Senate File 853 allows collaboration between schools and government agencies to provide services to K-12 students who are “experiencing or at risk of an emotional disturbance or mental illness, or who pose an articulable and significant threat to the health and safety of any person.”
The law authorizes school districts, accredited non-public schools, charter schools and innovation zone schools to create these teams. It comes over a year after a shooting at Perry Middle and High School that killed a sixth-grade student and a principal and injured six others. The gunman, a 17-year-old student, killed himself.
Among the other bills Reynolds signed into law Tuesday were:
- Senate File 491, which prohibits drone surveillance of farms that are 40 acres or larger. The law adds to one passed last year that established a misdemeanor for flying a remotely piloted aircraft over animal feeding operations and homesteads.
- House File 295, which bars an accrediting body, like the Higher Learning Commission, from taking adverse action against a public university for complying with state law, like the one passed in 2024 that bans diversity, equity and inclusion personnel and programming at Iowa’s public universities.

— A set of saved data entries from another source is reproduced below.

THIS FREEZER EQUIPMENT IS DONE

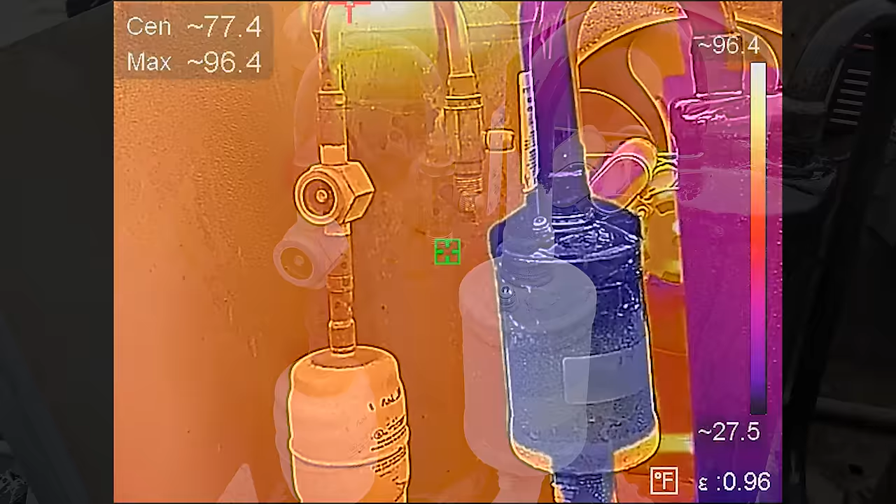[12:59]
On screen: max 96.4°F, scale top 96.4°F, scale bottom 27.5°F
Alright, and now if we look at it the liquid level is right up at the three-quarter mark.
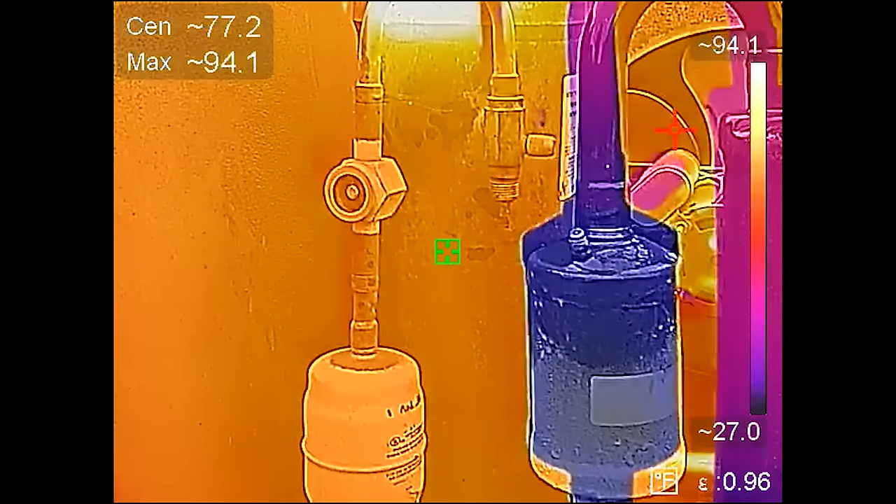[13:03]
The scale is off on this guy a little bit but the liquid level is now at the three-quarter mark.
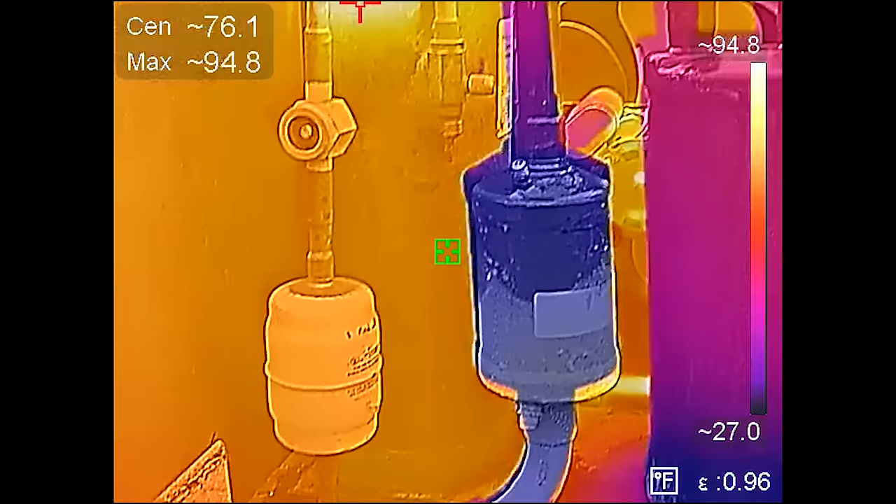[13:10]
On screen: spot 76.1°F, max 94.8°F, scale top 94.8°F, scale bottom 27.0°F
You don't see the purple down there anymore so we are good to go as far as our refrigerant charge.
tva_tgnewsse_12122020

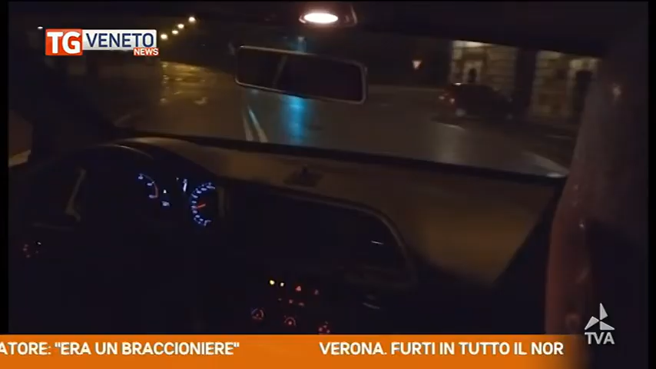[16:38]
A quel punto, vistosi spacciato, ha ingranato la retro sfiorando un agente.

- House File 440, which requires the Board of Regents, the governing board of the state’s public universities, to conduct a study establishing a policy on tuition guarantee; requires the board to make its annual, final determination on tuition and fees by April 30; and requires the universities to offer at least one three-year degree program starting in 2027.
- Senate File 150, which changes how prosecutions are handled for knowingly purchasing or possessing child sex abuse images. Previously, cases involving multiple images of the same minor were prosecuted and punished as one offense. The law will allow for cases involving multiple images of the same minor to be prosecuted as separate offenses for each image.